Whisper speech-to-text • Llamatik Documentation

WhisperBridge is the speech-to-text entry point in Llamatik. The library currently exposes a WAV-based transcription API.

Initialize the model#

val modelPath = WhisperBridge.getModelPath("ggml-base.en.bin")
val ok = WhisperBridge.initModel(modelPath)
check(ok)

Transcribe a file#

val text = WhisperBridge.transcribeWav(
    wavPath = "/path/to/audio.wav",
    language = "en"
)
println(text)

Language hint#

The language parameter is optional, but supplying it can improve reliability when you already know the input language.

Initial prompt#

The initialPrompt parameter primes the model before transcription begins. Use it to bias output toward specific vocabulary, domain terms, or formatting conventions.

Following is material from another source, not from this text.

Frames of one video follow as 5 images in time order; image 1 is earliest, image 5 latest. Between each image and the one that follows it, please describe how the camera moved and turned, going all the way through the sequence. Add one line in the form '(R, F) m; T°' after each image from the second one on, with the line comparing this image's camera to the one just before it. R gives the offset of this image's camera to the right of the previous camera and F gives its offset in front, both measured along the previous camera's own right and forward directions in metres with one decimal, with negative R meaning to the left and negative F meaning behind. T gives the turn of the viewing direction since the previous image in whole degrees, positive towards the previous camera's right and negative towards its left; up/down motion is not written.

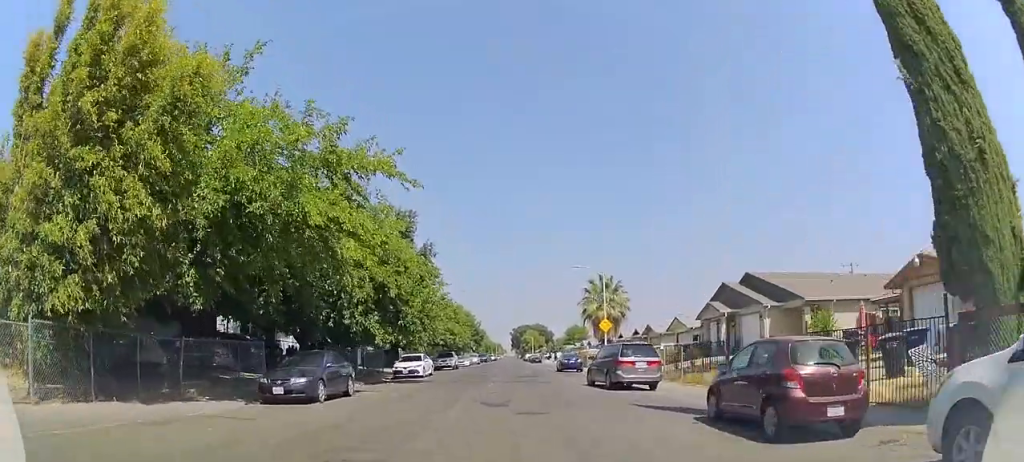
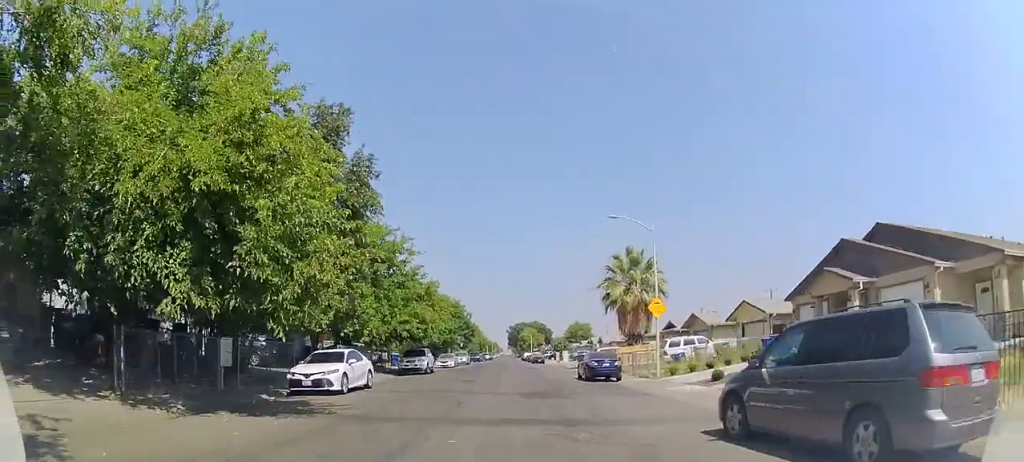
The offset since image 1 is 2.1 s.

val text = WhisperBridge.transcribeWav(
    wavPath = audioPath,
    language = "en",
    initialPrompt = "The following is a developer podcast about Kotlin Multiplatform."
)

The model uses the prompt as prior context — it does not transcribe it literally. This is useful when your audio contains technical terms or proper nouns that the model might otherwise mis-transcribe.

Recommended workflow#

record or obtain audio
convert it to WAV if needed
initialize the model once
call transcribeWav(...) for each file
release the model when done

Cleanup#

WhisperBridge.release()

Practical notes#

For best results, keep input audio clear and reasonably clean.
Reuse the initialized model if you transcribe multiple files.
WASM support is currently not available for WhisperBridge.